■ **Work to complete**
The lines below, from the one containing "Weighting scheme: hamming" through the one containing "Half-power beamwidth (degrees): 9.72", should be set down exactly, with no pictures and nothing else.

■ **Provided records**
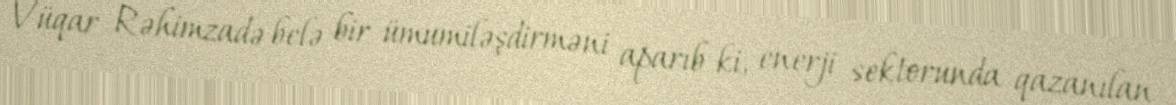
Vüqar Rəhimzadə belə bir ümumiləşdirməni aparıb ki, enerji sektorunda qazanılan
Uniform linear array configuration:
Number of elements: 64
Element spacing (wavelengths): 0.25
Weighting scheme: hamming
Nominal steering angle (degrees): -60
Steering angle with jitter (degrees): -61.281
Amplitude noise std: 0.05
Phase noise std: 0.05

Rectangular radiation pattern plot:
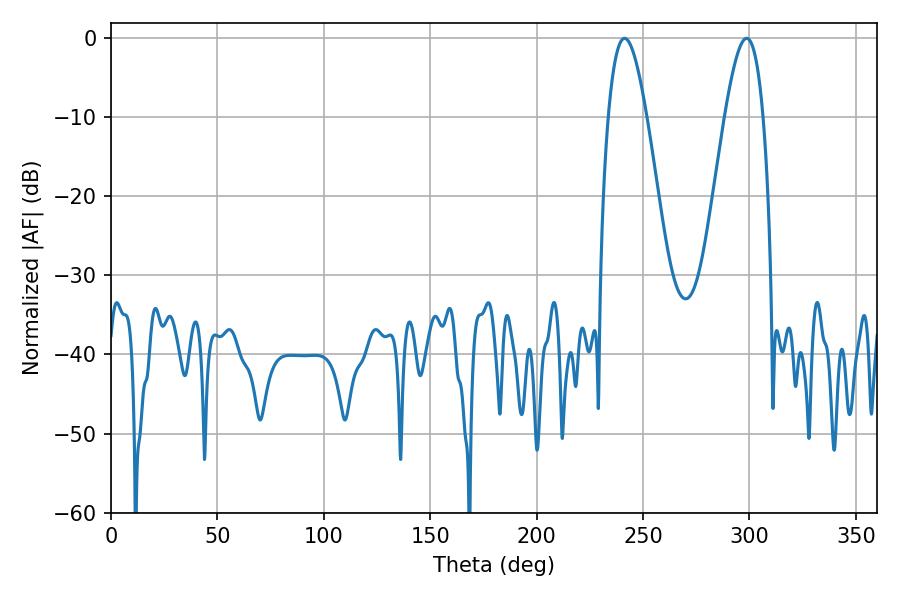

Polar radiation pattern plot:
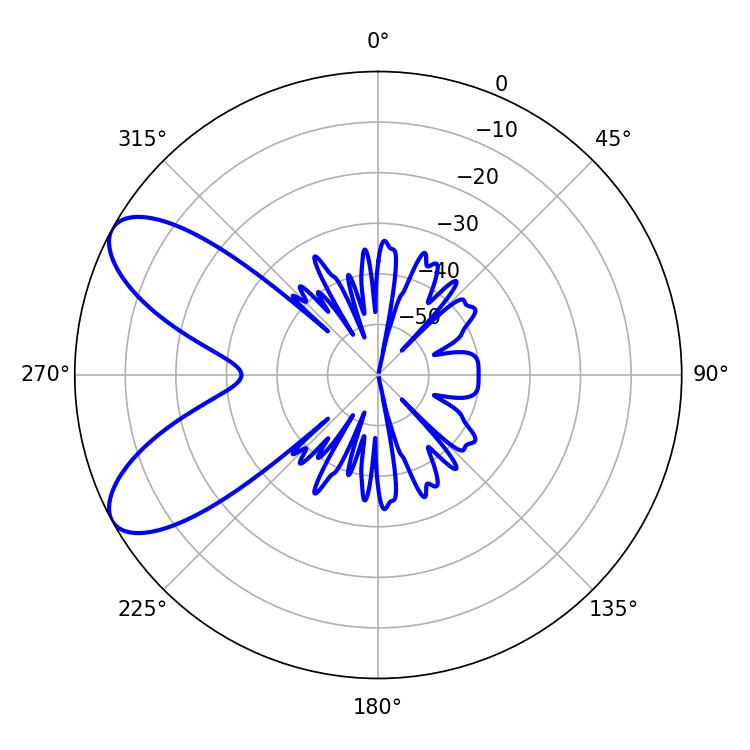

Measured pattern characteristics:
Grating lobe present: FALSE
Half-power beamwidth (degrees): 9.72
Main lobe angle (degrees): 241.38
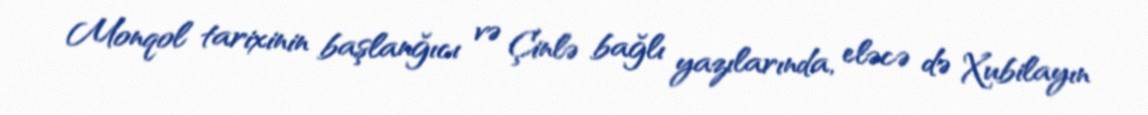
Monqol tarixinin başlanğıcı və Çinlə bağlı yazılarında, eləcə də Xubilayın
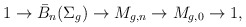
\begin{align*}1 \to \bar B_n(\Sigma_g) \to M_{g,n} \to M_{g,0} \to 1 ,\end{align*}
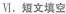
Ⅵ.短文填空
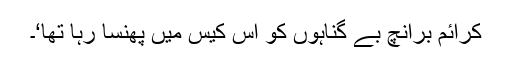
کرائم برانچ بے گناہوں کو اس کیس میں پھنسا رہا تھا‘۔
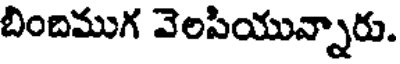
బిందిముగ వెలసియున్నారు.
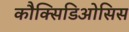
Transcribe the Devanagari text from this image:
कौक्सिडिओसिस
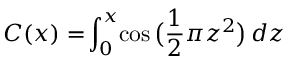
C ( x ) = \! \int _ { 0 } ^ { x } \! \cos { \big ( } { \frac { 1 } { 2 } } \pi z ^ { 2 } { \big ) } \, d z
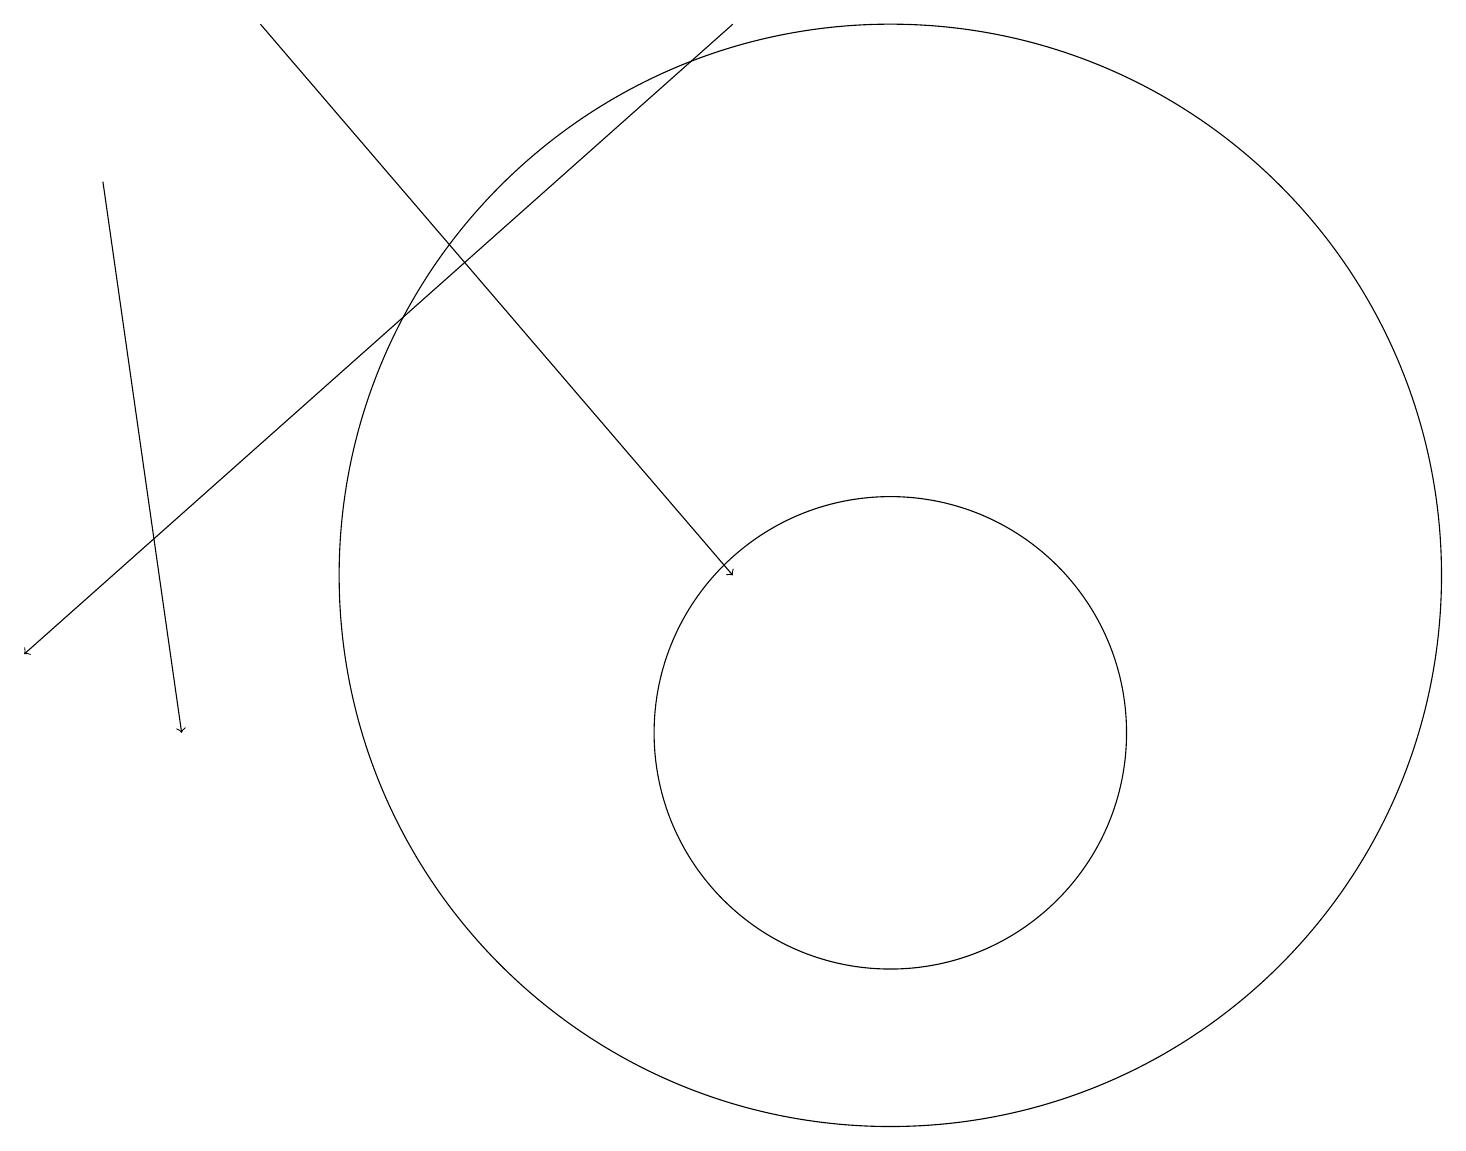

■ **Answer space**
Weighting scheme: hamming
Nominal steering angle (degrees): -60
Steering angle with jitter (degrees): -61.281
Amplitude noise std: 0.05
Phase noise std: 0.05

Rectangular radiation pattern plot:

Polar radiation pattern plot:

Measured pattern characteristics:
Grating lobe present: FALSE
Half-power beamwidth (degrees): 9.72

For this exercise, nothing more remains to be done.